:: INPUT ::

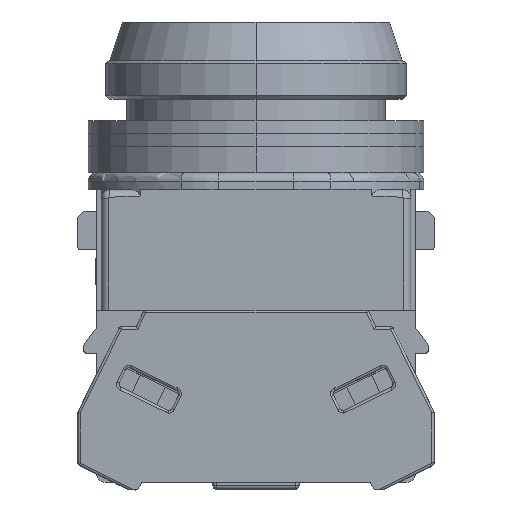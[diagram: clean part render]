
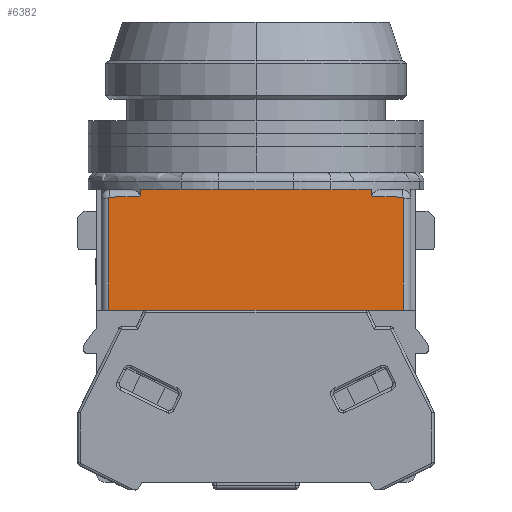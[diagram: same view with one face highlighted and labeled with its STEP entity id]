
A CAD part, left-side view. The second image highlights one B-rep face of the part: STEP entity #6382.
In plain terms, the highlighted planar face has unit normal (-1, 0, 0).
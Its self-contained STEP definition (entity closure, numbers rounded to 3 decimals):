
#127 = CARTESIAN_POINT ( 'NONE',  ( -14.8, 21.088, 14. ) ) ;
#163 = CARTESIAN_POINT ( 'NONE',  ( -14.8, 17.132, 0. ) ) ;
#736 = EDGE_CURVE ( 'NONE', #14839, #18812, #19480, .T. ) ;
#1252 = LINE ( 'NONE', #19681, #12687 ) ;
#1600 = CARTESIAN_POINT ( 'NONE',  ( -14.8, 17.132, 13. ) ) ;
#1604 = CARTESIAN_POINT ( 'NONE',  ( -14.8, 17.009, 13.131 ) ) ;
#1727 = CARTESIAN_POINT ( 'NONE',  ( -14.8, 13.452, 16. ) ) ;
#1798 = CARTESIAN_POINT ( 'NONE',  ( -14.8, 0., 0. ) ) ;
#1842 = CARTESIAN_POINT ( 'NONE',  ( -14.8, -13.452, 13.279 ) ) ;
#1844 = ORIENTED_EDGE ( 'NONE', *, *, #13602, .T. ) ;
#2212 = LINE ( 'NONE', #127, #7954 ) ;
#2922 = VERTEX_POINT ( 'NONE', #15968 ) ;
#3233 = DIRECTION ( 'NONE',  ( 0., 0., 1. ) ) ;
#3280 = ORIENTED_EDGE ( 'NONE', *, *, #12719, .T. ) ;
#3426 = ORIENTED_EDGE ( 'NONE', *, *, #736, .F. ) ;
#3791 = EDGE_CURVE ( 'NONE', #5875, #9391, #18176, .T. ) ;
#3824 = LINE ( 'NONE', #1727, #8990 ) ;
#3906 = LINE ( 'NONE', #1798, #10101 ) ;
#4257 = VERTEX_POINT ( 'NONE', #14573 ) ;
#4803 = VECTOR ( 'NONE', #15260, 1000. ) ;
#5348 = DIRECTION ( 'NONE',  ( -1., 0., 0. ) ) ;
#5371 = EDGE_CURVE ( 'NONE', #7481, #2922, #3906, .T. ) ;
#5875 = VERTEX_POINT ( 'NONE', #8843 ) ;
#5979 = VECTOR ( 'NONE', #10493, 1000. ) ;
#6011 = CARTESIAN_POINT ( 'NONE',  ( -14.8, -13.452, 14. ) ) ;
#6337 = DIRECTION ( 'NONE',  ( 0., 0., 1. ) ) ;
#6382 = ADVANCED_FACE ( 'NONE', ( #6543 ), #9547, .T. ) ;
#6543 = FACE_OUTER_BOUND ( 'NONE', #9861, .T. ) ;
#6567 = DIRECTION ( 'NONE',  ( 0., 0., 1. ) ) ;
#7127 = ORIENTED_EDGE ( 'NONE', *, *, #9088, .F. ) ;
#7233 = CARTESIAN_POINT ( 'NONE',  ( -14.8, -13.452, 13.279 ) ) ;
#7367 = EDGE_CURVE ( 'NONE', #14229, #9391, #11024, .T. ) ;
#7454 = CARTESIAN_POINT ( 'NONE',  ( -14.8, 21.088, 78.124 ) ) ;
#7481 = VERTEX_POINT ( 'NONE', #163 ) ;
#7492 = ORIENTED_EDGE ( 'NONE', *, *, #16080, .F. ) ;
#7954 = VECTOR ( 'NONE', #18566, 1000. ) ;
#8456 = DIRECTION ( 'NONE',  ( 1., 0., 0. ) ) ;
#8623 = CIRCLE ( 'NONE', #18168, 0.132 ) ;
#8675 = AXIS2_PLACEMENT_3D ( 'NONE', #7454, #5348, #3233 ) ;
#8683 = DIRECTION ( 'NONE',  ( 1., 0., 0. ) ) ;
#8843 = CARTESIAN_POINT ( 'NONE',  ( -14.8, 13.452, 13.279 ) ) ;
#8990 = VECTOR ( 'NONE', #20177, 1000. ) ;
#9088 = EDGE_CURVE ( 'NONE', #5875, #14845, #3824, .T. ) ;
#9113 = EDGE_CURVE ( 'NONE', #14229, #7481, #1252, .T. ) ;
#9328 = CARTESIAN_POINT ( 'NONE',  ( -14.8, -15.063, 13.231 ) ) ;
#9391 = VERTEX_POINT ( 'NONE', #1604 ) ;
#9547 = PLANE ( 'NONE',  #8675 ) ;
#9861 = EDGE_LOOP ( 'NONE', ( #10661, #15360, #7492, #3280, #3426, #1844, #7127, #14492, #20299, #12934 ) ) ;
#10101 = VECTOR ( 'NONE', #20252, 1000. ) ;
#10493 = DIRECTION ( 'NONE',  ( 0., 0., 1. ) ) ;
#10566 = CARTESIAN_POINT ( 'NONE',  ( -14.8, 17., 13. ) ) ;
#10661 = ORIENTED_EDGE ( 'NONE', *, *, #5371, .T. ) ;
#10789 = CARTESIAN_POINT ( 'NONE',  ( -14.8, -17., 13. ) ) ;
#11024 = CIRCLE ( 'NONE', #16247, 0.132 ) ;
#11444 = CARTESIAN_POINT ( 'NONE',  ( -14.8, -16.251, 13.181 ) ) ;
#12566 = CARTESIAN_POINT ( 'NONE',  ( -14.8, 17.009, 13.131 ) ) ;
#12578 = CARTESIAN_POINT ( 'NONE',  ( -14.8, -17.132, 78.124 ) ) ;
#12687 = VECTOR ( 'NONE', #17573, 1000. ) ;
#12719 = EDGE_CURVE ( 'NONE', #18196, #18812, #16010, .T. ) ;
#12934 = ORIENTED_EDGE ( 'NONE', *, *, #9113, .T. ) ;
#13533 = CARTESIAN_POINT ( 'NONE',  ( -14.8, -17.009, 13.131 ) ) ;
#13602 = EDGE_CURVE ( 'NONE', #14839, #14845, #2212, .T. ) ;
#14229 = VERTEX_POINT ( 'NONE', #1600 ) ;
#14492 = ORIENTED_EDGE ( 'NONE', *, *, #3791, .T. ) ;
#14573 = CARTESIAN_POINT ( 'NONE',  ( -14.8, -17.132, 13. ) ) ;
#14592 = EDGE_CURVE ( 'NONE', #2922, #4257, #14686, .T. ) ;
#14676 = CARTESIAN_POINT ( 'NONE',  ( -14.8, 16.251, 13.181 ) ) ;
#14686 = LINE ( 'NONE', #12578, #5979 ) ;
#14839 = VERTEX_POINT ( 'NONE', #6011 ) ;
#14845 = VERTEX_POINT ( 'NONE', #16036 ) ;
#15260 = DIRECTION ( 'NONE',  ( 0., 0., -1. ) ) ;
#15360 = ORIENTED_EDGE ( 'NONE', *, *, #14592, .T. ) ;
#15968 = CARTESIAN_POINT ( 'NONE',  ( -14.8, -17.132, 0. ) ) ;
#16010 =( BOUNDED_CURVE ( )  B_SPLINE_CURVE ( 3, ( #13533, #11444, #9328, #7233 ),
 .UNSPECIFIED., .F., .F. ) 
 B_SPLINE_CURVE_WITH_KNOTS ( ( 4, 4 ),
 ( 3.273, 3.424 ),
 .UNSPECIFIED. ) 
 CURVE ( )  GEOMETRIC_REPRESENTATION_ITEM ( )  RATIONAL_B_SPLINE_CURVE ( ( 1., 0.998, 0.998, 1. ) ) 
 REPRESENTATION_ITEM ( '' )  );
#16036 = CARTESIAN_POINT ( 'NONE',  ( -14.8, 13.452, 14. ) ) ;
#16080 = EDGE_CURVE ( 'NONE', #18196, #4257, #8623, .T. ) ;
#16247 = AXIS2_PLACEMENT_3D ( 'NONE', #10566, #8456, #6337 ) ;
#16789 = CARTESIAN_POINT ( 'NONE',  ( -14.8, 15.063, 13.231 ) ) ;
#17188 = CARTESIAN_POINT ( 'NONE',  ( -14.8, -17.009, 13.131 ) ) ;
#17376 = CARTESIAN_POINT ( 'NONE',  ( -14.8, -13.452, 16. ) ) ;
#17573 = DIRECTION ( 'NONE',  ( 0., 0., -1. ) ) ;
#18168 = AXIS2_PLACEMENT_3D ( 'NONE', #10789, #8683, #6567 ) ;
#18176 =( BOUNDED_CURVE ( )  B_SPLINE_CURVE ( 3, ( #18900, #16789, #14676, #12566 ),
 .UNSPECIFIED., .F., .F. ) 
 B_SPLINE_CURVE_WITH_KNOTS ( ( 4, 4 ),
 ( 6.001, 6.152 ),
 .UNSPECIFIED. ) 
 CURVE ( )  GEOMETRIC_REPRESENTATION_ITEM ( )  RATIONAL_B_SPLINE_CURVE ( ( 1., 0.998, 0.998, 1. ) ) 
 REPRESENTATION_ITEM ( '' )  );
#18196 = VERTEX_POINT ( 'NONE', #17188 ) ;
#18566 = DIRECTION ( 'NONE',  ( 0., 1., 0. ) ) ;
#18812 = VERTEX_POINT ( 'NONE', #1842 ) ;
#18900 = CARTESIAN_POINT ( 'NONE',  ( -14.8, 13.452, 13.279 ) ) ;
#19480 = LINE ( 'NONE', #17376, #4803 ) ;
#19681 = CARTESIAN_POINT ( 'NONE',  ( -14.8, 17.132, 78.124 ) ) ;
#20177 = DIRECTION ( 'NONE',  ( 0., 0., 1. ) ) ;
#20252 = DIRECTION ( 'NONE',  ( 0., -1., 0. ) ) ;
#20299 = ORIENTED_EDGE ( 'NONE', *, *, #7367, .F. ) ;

:::

> **WHAT YOU ARE ASKED TO DO**: Nothing should appear in the answer except the lines above from the line with "#1844 = ORIENTED_EDGE" through the line with "#3426 = ORIENTED_EDGE", both included, written out exactly.

> **YOUR RESPONSE**:
#1844 = ORIENTED_EDGE ( 'NONE', *, *, #13602, .T. ) ;
#2212 = LINE ( 'NONE', #127, #7954 ) ;
#2922 = VERTEX_POINT ( 'NONE', #15968 ) ;
#3233 = DIRECTION ( 'NONE',  ( 0., 0., 1. ) ) ;
#3280 = ORIENTED_EDGE ( 'NONE', *, *, #12719, .T. ) ;
#3426 = ORIENTED_EDGE ( 'NONE', *, *, #736, .F. ) ;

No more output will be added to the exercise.